Prostaatkanker Mensen ouder dan 45 jaar worden getroffen. Bij het diagnosticeren van chronische prostatitis en prostaatkanker is er een identieke lokalisatie van pijn. Pijn bij prostaatkanker in het lumbale gebied, het heiligbeen, het perineum en de onderbuik kan zowel worden veroorzaakt door een proces in de klier zelf als door uitzaaiingen in de botten. Vaak komt een snelle ontwikkeling van volledige urineretentie voor. Ernstige botpijn en gewichtsverlies kunnen optreden.

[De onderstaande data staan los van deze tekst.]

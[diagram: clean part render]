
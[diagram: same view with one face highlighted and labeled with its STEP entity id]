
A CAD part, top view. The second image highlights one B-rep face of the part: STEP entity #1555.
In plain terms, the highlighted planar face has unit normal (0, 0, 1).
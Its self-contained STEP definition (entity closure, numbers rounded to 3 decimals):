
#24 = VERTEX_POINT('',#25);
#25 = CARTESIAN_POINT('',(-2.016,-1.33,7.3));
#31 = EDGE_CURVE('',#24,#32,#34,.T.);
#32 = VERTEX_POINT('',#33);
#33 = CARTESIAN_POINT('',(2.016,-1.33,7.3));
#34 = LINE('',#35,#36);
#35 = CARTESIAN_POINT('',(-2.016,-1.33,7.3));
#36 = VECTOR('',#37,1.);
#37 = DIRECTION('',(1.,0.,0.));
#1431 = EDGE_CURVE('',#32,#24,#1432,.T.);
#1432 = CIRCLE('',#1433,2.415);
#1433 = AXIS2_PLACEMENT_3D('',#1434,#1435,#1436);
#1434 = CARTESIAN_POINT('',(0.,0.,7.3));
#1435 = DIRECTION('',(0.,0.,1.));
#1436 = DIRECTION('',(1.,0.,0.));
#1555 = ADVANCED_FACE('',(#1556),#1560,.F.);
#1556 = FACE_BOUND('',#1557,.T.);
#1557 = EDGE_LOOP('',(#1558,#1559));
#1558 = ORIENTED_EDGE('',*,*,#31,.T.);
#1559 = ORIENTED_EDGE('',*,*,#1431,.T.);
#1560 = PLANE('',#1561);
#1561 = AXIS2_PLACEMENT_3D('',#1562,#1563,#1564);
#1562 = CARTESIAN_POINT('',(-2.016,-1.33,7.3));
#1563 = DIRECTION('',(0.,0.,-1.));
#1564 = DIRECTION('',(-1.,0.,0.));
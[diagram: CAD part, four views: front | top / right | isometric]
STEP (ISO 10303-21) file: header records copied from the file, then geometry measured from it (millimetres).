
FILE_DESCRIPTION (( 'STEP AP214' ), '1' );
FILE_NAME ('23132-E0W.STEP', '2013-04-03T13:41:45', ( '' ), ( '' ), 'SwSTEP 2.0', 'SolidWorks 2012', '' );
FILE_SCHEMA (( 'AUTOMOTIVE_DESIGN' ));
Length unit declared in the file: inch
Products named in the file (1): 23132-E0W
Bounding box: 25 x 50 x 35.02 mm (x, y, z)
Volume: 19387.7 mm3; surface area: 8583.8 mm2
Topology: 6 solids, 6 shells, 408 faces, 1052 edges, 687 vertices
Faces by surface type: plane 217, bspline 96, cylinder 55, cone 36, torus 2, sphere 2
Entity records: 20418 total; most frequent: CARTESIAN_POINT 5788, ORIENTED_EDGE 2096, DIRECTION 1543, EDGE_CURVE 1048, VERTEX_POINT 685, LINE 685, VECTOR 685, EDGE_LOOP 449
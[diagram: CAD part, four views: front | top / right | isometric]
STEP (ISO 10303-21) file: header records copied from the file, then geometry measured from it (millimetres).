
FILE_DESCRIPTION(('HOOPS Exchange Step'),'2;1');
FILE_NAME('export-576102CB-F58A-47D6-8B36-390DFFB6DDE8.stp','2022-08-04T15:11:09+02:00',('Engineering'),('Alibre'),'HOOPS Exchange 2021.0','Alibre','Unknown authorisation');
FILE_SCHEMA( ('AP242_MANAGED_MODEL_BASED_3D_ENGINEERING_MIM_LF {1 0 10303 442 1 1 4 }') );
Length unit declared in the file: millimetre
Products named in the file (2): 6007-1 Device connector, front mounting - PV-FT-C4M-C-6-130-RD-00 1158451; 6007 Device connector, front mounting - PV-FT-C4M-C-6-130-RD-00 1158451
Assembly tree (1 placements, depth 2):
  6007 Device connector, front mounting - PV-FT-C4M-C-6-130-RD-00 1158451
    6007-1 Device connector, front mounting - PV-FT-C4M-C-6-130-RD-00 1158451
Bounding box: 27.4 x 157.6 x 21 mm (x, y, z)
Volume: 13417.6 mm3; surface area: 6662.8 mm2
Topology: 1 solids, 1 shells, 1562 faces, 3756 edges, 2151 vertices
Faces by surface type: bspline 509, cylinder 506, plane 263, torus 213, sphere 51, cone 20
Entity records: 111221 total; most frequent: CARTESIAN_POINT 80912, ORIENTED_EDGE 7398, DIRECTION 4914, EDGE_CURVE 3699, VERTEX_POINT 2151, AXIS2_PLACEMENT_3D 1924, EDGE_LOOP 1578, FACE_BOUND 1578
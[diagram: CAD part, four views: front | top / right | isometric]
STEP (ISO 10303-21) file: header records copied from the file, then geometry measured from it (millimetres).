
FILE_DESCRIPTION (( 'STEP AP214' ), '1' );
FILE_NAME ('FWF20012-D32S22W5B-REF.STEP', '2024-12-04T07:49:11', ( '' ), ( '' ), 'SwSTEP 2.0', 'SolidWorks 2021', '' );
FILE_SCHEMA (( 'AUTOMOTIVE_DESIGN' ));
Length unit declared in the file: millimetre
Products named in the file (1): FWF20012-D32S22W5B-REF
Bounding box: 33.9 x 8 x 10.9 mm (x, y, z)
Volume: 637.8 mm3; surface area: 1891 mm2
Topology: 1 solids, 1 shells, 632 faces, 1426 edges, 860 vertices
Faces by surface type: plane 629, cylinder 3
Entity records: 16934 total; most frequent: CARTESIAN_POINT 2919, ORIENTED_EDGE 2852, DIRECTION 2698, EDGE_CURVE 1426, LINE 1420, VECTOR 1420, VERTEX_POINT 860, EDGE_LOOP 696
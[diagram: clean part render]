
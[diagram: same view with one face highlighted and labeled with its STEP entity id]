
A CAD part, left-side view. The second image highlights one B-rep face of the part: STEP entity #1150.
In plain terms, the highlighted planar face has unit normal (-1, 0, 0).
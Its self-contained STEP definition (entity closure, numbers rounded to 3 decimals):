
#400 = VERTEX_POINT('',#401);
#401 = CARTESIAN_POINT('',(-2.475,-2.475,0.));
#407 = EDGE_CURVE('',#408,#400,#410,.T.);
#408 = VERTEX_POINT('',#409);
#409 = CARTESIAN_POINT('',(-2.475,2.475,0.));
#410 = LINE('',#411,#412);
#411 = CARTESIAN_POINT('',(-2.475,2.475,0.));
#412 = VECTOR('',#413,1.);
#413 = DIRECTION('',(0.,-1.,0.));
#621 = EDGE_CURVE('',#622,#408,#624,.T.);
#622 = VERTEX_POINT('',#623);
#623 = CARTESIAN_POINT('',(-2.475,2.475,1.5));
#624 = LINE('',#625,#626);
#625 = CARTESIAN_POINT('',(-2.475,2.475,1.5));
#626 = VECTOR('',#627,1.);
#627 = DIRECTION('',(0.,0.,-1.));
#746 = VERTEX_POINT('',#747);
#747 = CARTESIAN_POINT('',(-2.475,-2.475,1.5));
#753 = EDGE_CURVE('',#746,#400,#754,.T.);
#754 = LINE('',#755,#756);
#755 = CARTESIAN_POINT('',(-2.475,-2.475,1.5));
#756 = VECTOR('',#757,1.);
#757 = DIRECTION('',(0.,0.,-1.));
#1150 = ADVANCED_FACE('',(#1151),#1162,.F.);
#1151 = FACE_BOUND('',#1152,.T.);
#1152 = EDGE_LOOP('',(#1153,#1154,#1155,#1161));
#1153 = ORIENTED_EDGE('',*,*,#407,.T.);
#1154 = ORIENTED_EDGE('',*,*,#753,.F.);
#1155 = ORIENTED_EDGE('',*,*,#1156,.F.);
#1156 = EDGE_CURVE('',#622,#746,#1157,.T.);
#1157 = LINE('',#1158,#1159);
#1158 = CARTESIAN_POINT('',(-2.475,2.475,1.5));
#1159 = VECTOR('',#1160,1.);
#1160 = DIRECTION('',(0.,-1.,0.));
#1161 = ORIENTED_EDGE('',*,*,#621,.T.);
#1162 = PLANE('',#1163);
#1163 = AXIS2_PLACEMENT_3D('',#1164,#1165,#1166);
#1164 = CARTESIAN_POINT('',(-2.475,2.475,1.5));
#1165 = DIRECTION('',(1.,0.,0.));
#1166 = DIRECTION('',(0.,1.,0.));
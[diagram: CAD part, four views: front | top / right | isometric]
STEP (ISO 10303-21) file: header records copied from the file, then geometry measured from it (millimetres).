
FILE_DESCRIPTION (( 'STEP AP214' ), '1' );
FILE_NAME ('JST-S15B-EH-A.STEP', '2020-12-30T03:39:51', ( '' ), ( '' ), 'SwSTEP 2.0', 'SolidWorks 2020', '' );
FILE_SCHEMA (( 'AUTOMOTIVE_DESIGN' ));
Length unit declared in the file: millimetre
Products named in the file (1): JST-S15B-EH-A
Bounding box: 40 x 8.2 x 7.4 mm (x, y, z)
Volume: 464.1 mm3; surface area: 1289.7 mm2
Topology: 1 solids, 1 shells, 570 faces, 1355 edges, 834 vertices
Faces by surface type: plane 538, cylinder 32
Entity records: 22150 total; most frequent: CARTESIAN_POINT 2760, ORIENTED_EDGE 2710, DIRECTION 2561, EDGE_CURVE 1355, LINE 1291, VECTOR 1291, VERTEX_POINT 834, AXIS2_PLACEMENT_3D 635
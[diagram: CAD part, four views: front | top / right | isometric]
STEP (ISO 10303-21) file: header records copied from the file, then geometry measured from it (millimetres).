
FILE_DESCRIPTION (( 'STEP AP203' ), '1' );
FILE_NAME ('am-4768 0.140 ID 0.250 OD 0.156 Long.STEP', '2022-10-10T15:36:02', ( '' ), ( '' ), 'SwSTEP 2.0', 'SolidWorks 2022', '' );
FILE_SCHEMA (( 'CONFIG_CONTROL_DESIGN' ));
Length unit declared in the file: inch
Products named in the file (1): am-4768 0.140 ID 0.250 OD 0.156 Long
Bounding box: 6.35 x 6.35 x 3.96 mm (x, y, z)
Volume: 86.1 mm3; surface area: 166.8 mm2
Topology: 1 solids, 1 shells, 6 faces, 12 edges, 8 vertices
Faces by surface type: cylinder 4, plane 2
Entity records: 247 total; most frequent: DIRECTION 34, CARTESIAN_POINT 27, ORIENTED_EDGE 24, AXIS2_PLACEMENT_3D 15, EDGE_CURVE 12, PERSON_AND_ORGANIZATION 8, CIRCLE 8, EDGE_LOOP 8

IF - individuele kraakbeendichtheidsknopen of klonterige dichte infiltratie van de gehele prostaatklier worden bepaald, die beperkt is of zich verspreidt naar omliggende weefsels. De prostaatklier is bewegingloos en pijnloos.

PSA - meer dan 4, 0 ng/ml

Prostaatbiopsie - er wordt een verzameling kwaadaardige cellen in de vorm van afgietsels van kanalen bepaald. Atypische cellen worden gekenmerkt door hyperchromatisme, polymorfisme, variabiliteit in de grootte en vorm van kernen en mitotische figuren.

Cystoscopie - er worden lichtroze klonterige massa's bepaald, die de blaashals in een ring omringen (het resultaat van infiltratie van de blaaswand). Vaak zwelling, hyperemie van het slijmvlies, kwaadaardige proliferatie van epitheelcellen.

Echografie - asymmetrie en vergroting van de prostaatklier, de aanzienlijke vervorming ervan.